**WORK INSTRUCTIONS**
Could you give the data that follows again exactly, without its pictures?

**EXERCISE MATERIALS**
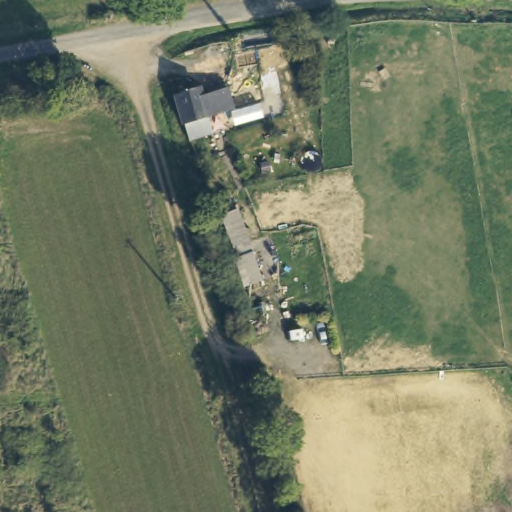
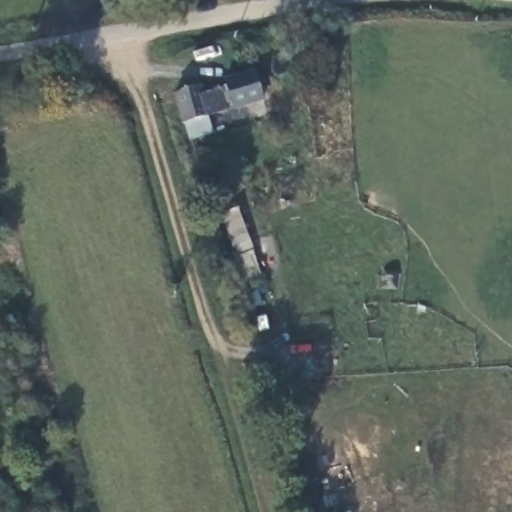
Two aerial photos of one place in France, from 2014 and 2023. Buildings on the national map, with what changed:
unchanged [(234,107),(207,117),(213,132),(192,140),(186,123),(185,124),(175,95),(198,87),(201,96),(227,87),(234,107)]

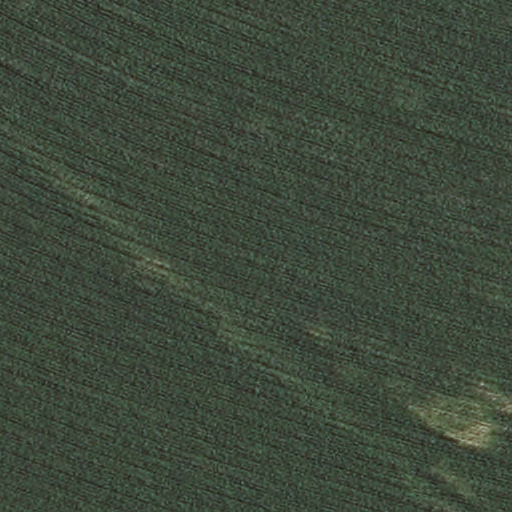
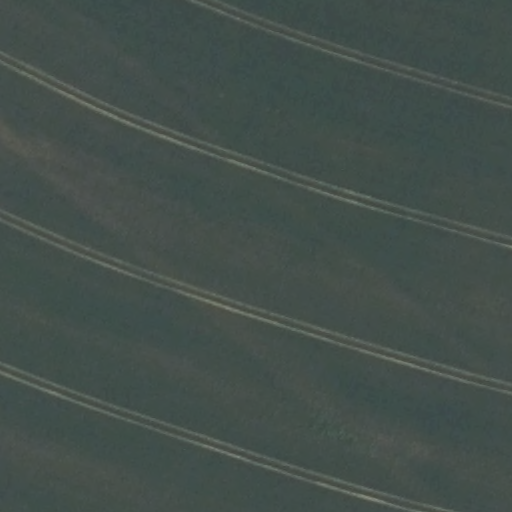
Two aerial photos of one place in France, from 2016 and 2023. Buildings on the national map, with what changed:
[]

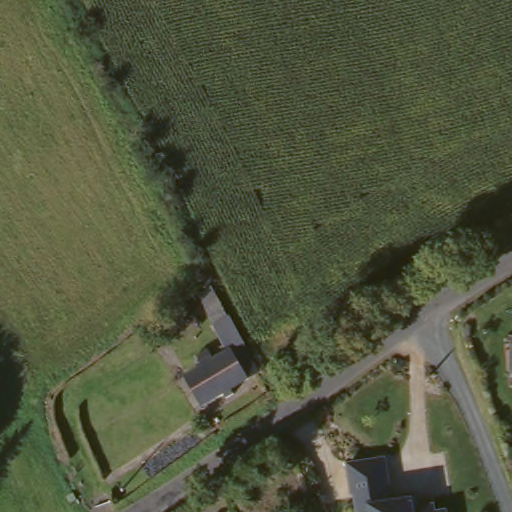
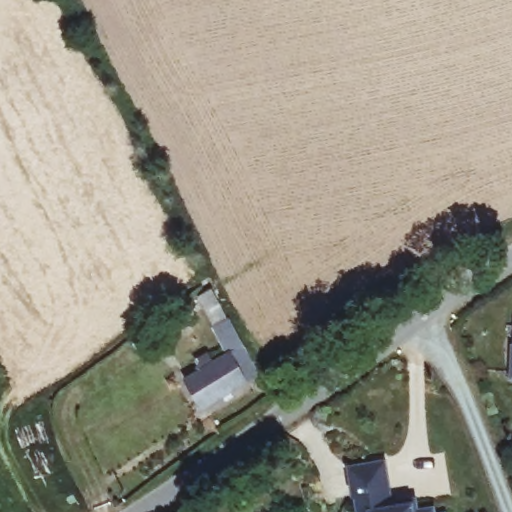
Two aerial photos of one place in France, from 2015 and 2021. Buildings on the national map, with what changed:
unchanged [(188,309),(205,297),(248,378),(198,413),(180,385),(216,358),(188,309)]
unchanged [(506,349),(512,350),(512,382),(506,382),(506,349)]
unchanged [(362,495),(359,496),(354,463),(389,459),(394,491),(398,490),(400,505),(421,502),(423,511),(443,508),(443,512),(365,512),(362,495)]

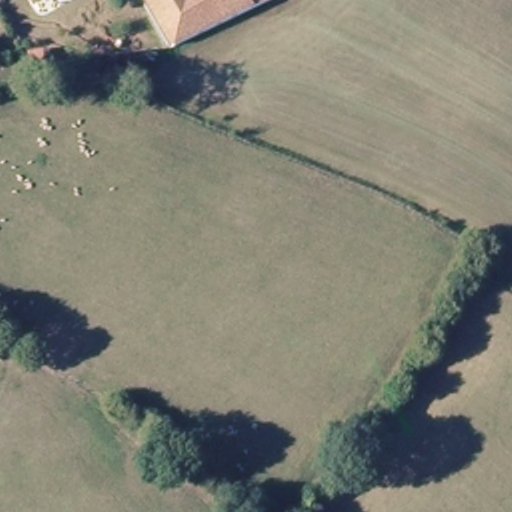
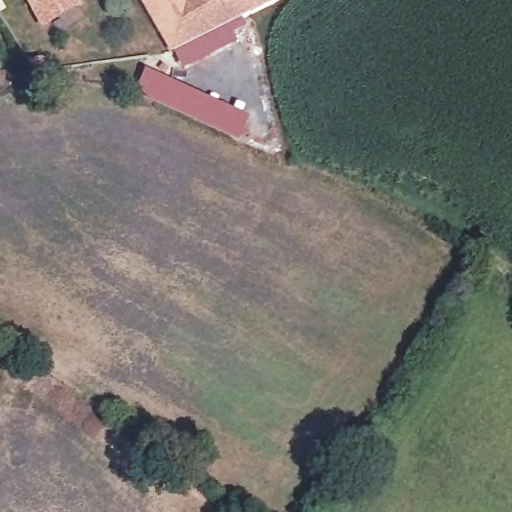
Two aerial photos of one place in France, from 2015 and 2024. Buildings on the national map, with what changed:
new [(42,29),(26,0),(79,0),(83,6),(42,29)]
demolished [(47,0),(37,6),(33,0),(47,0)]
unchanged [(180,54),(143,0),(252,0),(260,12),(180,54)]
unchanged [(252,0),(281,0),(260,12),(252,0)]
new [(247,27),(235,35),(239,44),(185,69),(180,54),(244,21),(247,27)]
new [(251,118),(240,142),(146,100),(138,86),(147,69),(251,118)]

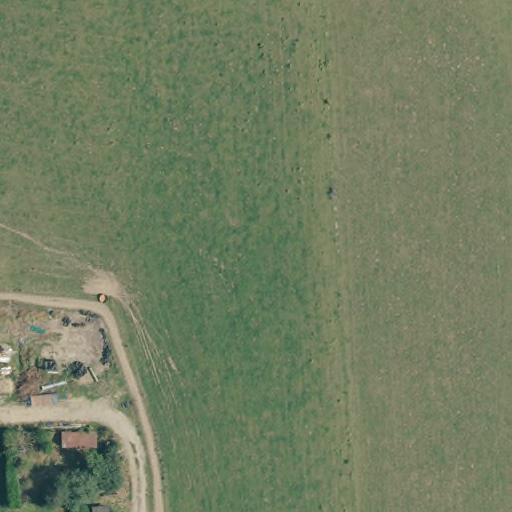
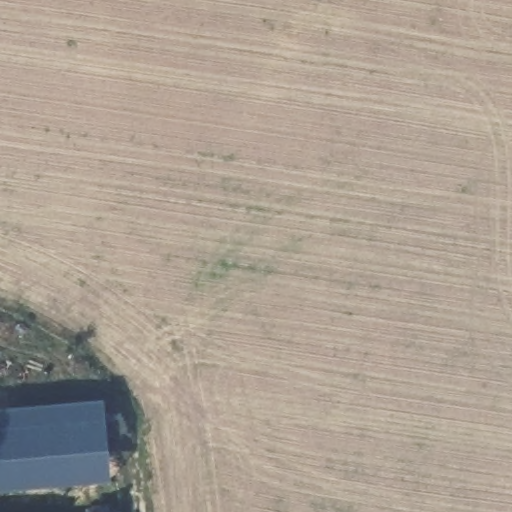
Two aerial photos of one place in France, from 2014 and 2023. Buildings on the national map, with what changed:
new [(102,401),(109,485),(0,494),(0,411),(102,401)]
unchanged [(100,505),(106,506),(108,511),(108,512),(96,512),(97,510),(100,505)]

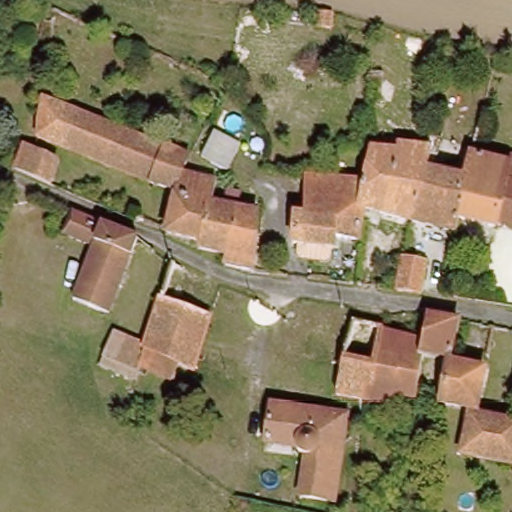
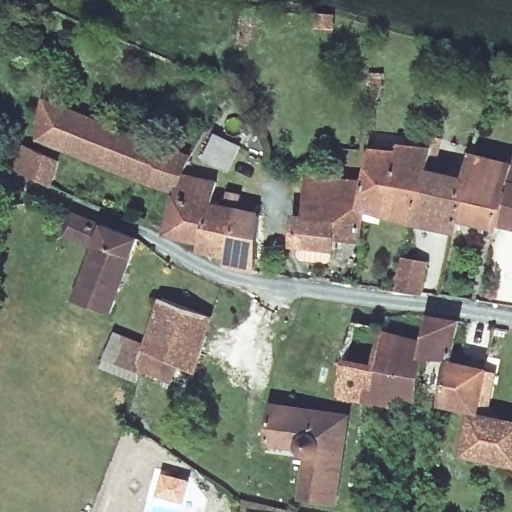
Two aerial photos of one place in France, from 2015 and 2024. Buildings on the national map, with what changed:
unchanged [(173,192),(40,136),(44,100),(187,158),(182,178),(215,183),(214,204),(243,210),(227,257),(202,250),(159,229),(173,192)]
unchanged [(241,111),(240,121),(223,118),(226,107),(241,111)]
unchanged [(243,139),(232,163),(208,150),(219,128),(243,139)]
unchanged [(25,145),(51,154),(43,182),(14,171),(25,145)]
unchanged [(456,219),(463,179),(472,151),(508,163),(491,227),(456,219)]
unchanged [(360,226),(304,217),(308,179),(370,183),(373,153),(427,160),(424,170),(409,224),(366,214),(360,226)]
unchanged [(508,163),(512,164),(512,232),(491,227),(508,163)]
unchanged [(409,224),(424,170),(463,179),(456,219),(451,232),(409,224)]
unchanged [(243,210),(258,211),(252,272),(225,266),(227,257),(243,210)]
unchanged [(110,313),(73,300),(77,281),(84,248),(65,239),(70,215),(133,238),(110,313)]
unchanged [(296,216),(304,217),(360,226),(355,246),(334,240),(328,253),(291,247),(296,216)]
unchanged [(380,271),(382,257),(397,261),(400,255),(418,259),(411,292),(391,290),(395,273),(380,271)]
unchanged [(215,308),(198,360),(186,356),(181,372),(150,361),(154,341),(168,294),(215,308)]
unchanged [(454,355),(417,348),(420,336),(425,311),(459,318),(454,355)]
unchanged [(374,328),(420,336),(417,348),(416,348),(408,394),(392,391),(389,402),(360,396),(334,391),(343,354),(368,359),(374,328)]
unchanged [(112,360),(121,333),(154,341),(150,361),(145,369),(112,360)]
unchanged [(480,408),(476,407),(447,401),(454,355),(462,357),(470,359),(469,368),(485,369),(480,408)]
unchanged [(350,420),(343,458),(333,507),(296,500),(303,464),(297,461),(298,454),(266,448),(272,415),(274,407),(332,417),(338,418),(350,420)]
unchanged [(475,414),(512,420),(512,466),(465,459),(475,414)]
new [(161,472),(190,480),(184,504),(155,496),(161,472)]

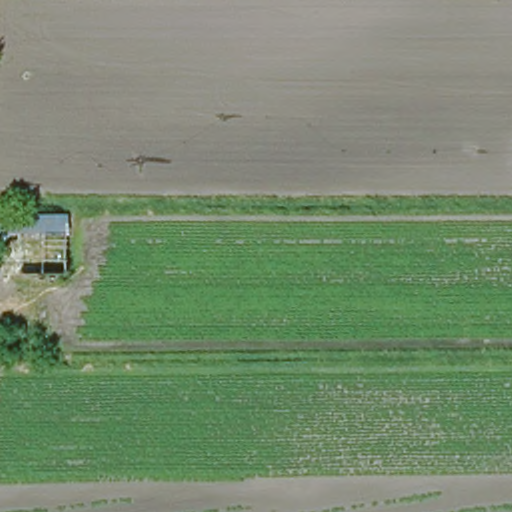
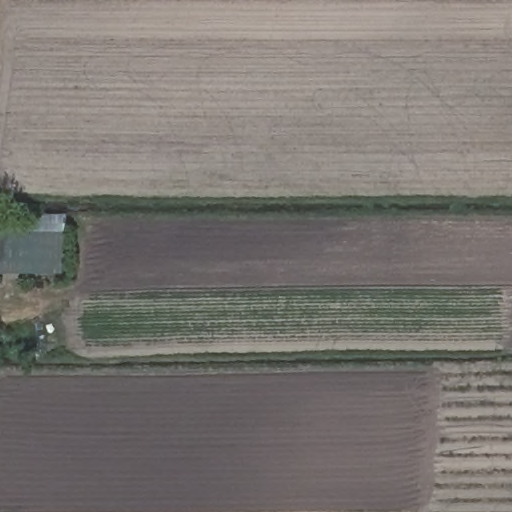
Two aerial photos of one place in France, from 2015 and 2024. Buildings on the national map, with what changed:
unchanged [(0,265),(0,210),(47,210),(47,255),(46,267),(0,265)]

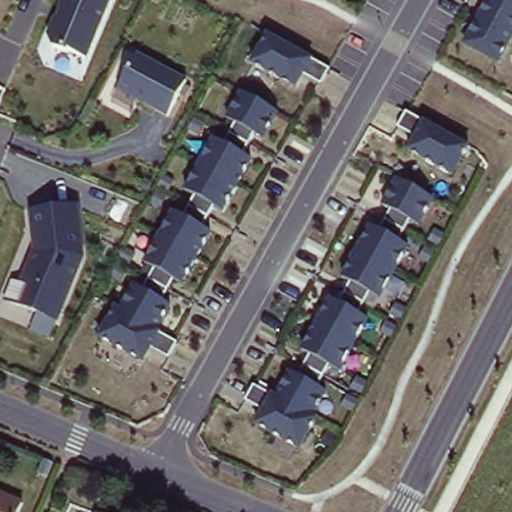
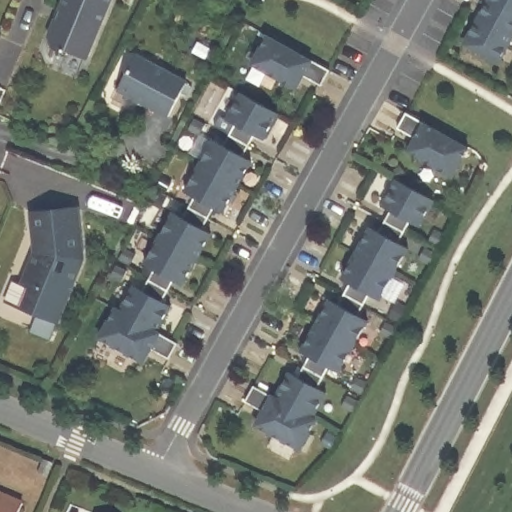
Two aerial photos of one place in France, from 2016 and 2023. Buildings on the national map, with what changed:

**RESULT OF THE TASK**
Two aerial photos of one place in France, from 2014 and 2023. Buildings on the national map, with what changed:
unchanged [(234,107),(207,117),(213,132),(192,140),(186,123),(185,124),(175,95),(198,87),(201,96),(227,87),(234,107)]

Two aerial photos of one place in France, from 2016 and 2023. Buildings on the national map, with what changed:
[]

Two aerial photos of one place in France, from 2015 and 2021. Buildings on the national map, with what changed:
unchanged [(188,309),(205,297),(248,378),(198,413),(180,385),(216,358),(188,309)]
unchanged [(506,349),(512,350),(512,382),(506,382),(506,349)]
unchanged [(362,495),(359,496),(354,463),(389,459),(394,491),(398,490),(400,505),(421,502),(423,511),(443,508),(443,512),(365,512),(362,495)]

Two aerial photos of one place in France, from 2015 and 2024. Buildings on the national map, with what changed:
new [(42,29),(26,0),(79,0),(83,6),(42,29)]
demolished [(47,0),(37,6),(33,0),(47,0)]
unchanged [(180,54),(143,0),(252,0),(260,12),(180,54)]
unchanged [(252,0),(281,0),(260,12),(252,0)]
new [(247,27),(235,35),(239,44),(185,69),(180,54),(244,21),(247,27)]
new [(251,118),(240,142),(146,100),(138,86),(147,69),(251,118)]

Two aerial photos of one place in France, from 2014 and 2023. Buildings on the national map, with what changed:
new [(102,401),(109,485),(0,494),(0,411),(102,401)]
unchanged [(100,505),(106,506),(108,511),(108,512),(96,512),(97,510),(100,505)]

Two aerial photos of one place in France, from 2015 and 2024. Buildings on the national map, with what changed:
unchanged [(173,192),(40,136),(44,100),(187,158),(182,178),(215,183),(214,204),(243,210),(227,257),(202,250),(159,229),(173,192)]
unchanged [(241,111),(240,121),(223,118),(226,107),(241,111)]
unchanged [(243,139),(232,163),(208,150),(219,128),(243,139)]
unchanged [(25,145),(51,154),(43,182),(14,171),(25,145)]
unchanged [(456,219),(463,179),(472,151),(508,163),(491,227),(456,219)]
unchanged [(360,226),(304,217),(308,179),(370,183),(373,153),(427,160),(424,170),(409,224),(366,214),(360,226)]
unchanged [(508,163),(512,164),(512,232),(491,227),(508,163)]
unchanged [(409,224),(424,170),(463,179),(456,219),(451,232),(409,224)]
unchanged [(243,210),(258,211),(252,272),(225,266),(227,257),(243,210)]
unchanged [(110,313),(73,300),(77,281),(84,248),(65,239),(70,215),(133,238),(110,313)]
unchanged [(296,216),(304,217),(360,226),(355,246),(334,240),(328,253),(291,247),(296,216)]
unchanged [(380,271),(382,257),(397,261),(400,255),(418,259),(411,292),(391,290),(395,273),(380,271)]
unchanged [(215,308),(198,360),(186,356),(181,372),(150,361),(154,341),(168,294),(215,308)]
unchanged [(454,355),(417,348),(420,336),(425,311),(459,318),(454,355)]
unchanged [(374,328),(420,336),(417,348),(416,348),(408,394),(392,391),(389,402),(360,396),(334,391),(343,354),(368,359),(374,328)]
unchanged [(112,360),(121,333),(154,341),(150,361),(145,369),(112,360)]
unchanged [(480,408),(476,407),(447,401),(454,355),(462,357),(470,359),(469,368),(485,369),(480,408)]
unchanged [(350,420),(343,458),(333,507),(296,500),(303,464),(297,461),(298,454),(266,448),(272,415),(274,407),(332,417),(338,418),(350,420)]
unchanged [(475,414),(512,420),(512,466),(465,459),(475,414)]
new [(161,472),(190,480),(184,504),(155,496),(161,472)]

Two aerial photos of one place in France, from 2015 and 2024. Buildings on the national map, with what changed:
unchanged [(0,265),(0,210),(47,210),(47,255),(46,267),(0,265)]

Two aerial photos of one place in France, from 2016 and 2023. Buildings on the national map, with what changed:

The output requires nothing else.